The hypothesized negative association between empathy and testosterone is at the basis of the “extreme male brain” theory of autism, which posits that the deficits in cognitive and emotional empathy that are characteristics of ASD result from the organizational effects of fetal testosterone (Baron-Cohen et al. 2005). Consistent with this hypothesis, studies have shown that in infants and children, fetal testosterone (measured through amniocentesis) was negatively correlated with amount of eye contact made with their parents (Lutchmaya et al. 2002) and with scores of the “Reading the Mind in the Eyes Test” (RMET) (Chapman et al. 2006). There is also evidence that activational effects of testosterone may play a role in cognitive empathy later in life. For example, treatment with exogenous testosterone has been shown to reduce empathic responses in women in a test that measures the automatic, unconscious mirroring of another’s motor actions (Hermans et al. 2006; van Honk and Schutter 2007). Moreover, the effects of exogenous testosterone on empathy are stronger in women exposed to higher prenatal androgens (Van Honk et al. 2011), suggesting that there may be interactions between the organizational and the activational effects of testosterone on empathy.

In addition to testosterone, the hypothalamus-pituitary-adrenal (HPA) axis may also be involved in the neuroendocrine regulation of empathy. The HPA axis plays an important role in the stress response by releasing glucocorticoids (e.g., cortisol), which fuel the organism with the energy required to face a stressful situation (Sapolsky et al. 2000). Although few studies have specifically, mostly indirectly, investigated the effects of cortisol on empathy (Tennes and Kreye 1985; Stallings et al. 2001; Adam and Gunnar 2001; Nakayama et al. 2007; Booth et al. 2008; Barraza and Zak 2009; Buchanan et al. 2012), it has been suggested that the expression of emotional empathy may correlate with high basal cortisol concentrations as well as with stress-induced cortisol increase. For example, Buchanan and colleagues (Buchanan et al. 2012) reported that individuals observing a Trier Social Stress Test (TSST), a task involving a formal job interview and an arithmetic test aimed at evoking psychological stress and cortisol secretion, showed increases in cortisol similar to those of the subjects who were taking the test.

Testosterone and cortisol may influence empathy separately, or jointly. The activities of the HPA and the hypothalamus-pituitary gonadal (HPG) axes, which lead to the secretion of cortisol and testosterone respectively, are intrinsically co-regulated. Specifically, cortisol can inhibit the secretion of testosterone at all the levels of the HPG axis, while testosterone can act upon the hypothalamus to inhibit cortisol release (Viau 2002). An imbalance between cortisol and testosterone in the direction of high baseline levels of testosterone and low baseline levels of cortisol is correlated with features of psychopathy (Van Honk and Schutter 2006; Terburg et al. 2009). Based on these studies of testosterone and empathy, it could be hypothesized that high testosterone and low cortisol should be associated with lower empathy. This idea would also be congruent with the dual-hormone hypothesis proposed by Mehta and Josephs (Mehta and Josephs 2010), according to which physiological (Mehta and Josephs 2010; Zilioli and Watson 2012) and behavioral (Dabbs et al. 1991; Popma et al. 2007; Mehta and Josephs 2010) aspects of dominance should be more pronounced in individuals with high baseline testosterone and low baseline cortisol levels.

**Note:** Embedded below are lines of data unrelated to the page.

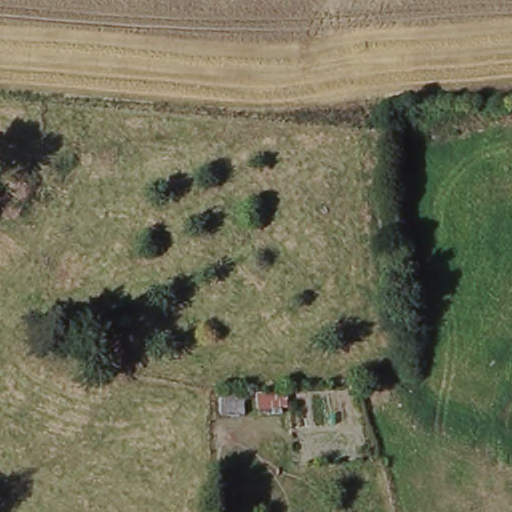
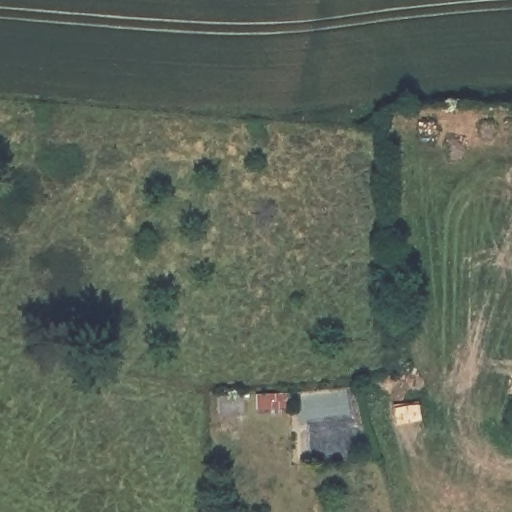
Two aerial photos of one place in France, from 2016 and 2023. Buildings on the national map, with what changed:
unchanged [(391,137),(388,123),(462,119),(466,136),(391,137)]
unchanged [(258,393),(291,395),(291,420),(258,417),(258,393)]
unchanged [(220,428),(223,394),(245,395),(249,420),(220,428)]

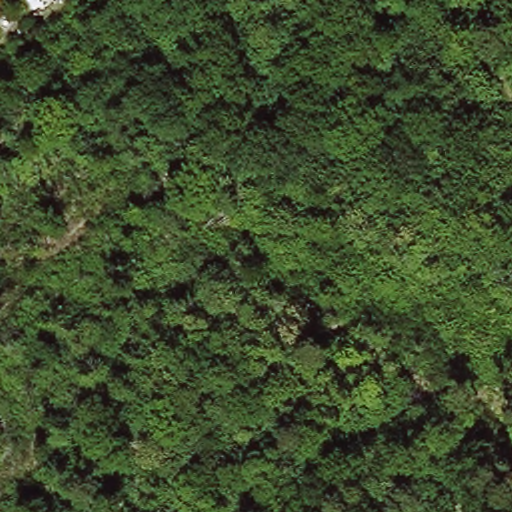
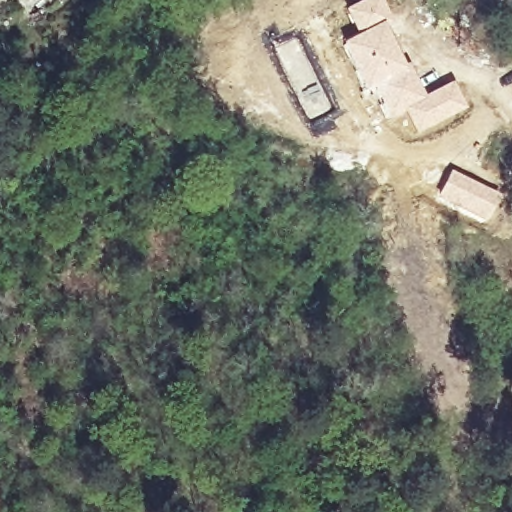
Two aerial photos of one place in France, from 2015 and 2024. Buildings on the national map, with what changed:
new [(380,0),(392,25),(385,28),(382,23),(355,35),(343,10),(363,0),(380,0)]
new [(355,35),(382,23),(385,28),(405,65),(408,64),(425,95),(404,112),(386,121),(374,99),(367,103),(339,43),(355,35)]
new [(425,95),(452,82),(466,109),(417,136),(404,112),(425,95)]

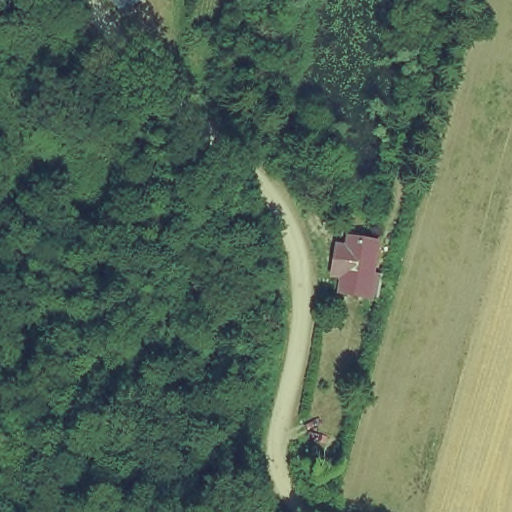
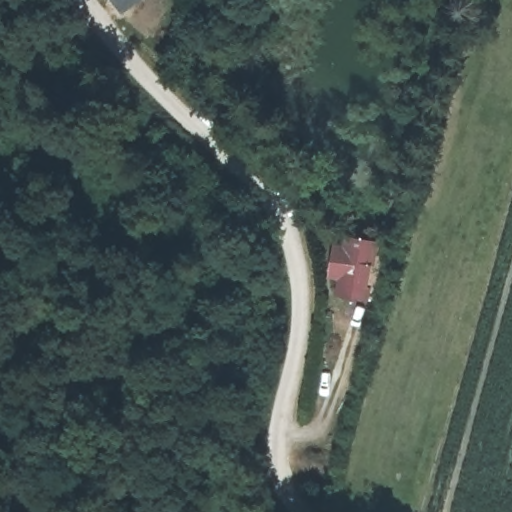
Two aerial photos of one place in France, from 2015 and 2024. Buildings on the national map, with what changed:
unchanged [(437,155),(422,232),(369,209),(387,134),(437,155)]
unchanged [(353,251),(376,255),(370,293),(347,289),(353,251)]

In the present study, we investigated the relationship between basal testosterone, basal cortisol, and empathy in a large population of MBA students at a private university. We used both a self-reported measure of empathy and an experimental one. We tested the hypothesis that men and women with higher testosterone and lower cortisol should score lower on empathy.

Methods

Five-hundred and one MBA students (348 males; mean age = 28.73, SD = 0.13; 153 females; mean age = 27.42, SD = 0.20) from the Booth Business School at the University of Chicago served as study participants. Data for the empathy measures were missing for 32 individuals, leaving a total of 469 participants (323 males, 146 females). All students gave informed written consent for their participation in the study and were paid $ 20 or more for their participation. The use of human subjects was approved by the Social Science IRB of the University of Chicago.

Procedure

This study was part of a larger investigation in which students were asked to take a 90-min computerized test in which they played games that assessed their economic decision-making tendencies in different domains (see, Sapienza et al. 2009). Students were randomly selected to participate in one of two separate afternoon sessions. Starting time for the first session was 1:30 PM and 3:30 PM for the second session, and all sessions used an identical protocol (i.e. same order of the test battery). In addition to the computerized test, students took the Reading the Mind in the Eyes Test (RMET; Baron‐Cohen et al. 2001), which measures an individual’s ability to attribute mental states to others by recognizing their emotion from the eye region of the face, and completed several questionnaires, including one about empathy: the Interpersonal Reactivity Index (IRI) (Davis 1983). The IRI is made up of four seven-item scales, each measuring a different aspect of empathy: perspective taking, empathic concern, personal distress, and fantasy. Similar to other studies (e.g., Fabes et al. 1993) a shortened version of this questionnaire was utilized. We selected only a few items from a larger empathy scale to reduce the time and effort by study participants to complete the large number of tests and questionnaires included in this project. The choice of the four items, each of which was answered on a one to five Likert scale, was made on the basis of a pilot study we conducted prior to data collection for this project. Two items of the Empathic Concern Scale (item 1: “I often have tender, concerned feelings for people less fortunate than me”; item 2: “sometimes I don’t feel very sorry for other people when they are having problems”; ordinal α = 0.49) and two items from the Perspective Taking Scale (item 1: “I sometimes try to understand my friends better by imagining how things look from their perspective”; item 2: “when I’m upset at someone, I usually try to “put myself in his shoes” for a while”; ordinal α = 0.79) were chosen. The scores on the two empathic concern items and the two perspective taking items were added together (ordinal α = 0.64) for the purposes of data analyses (for a similar procedure, see Jackson et al. 2005).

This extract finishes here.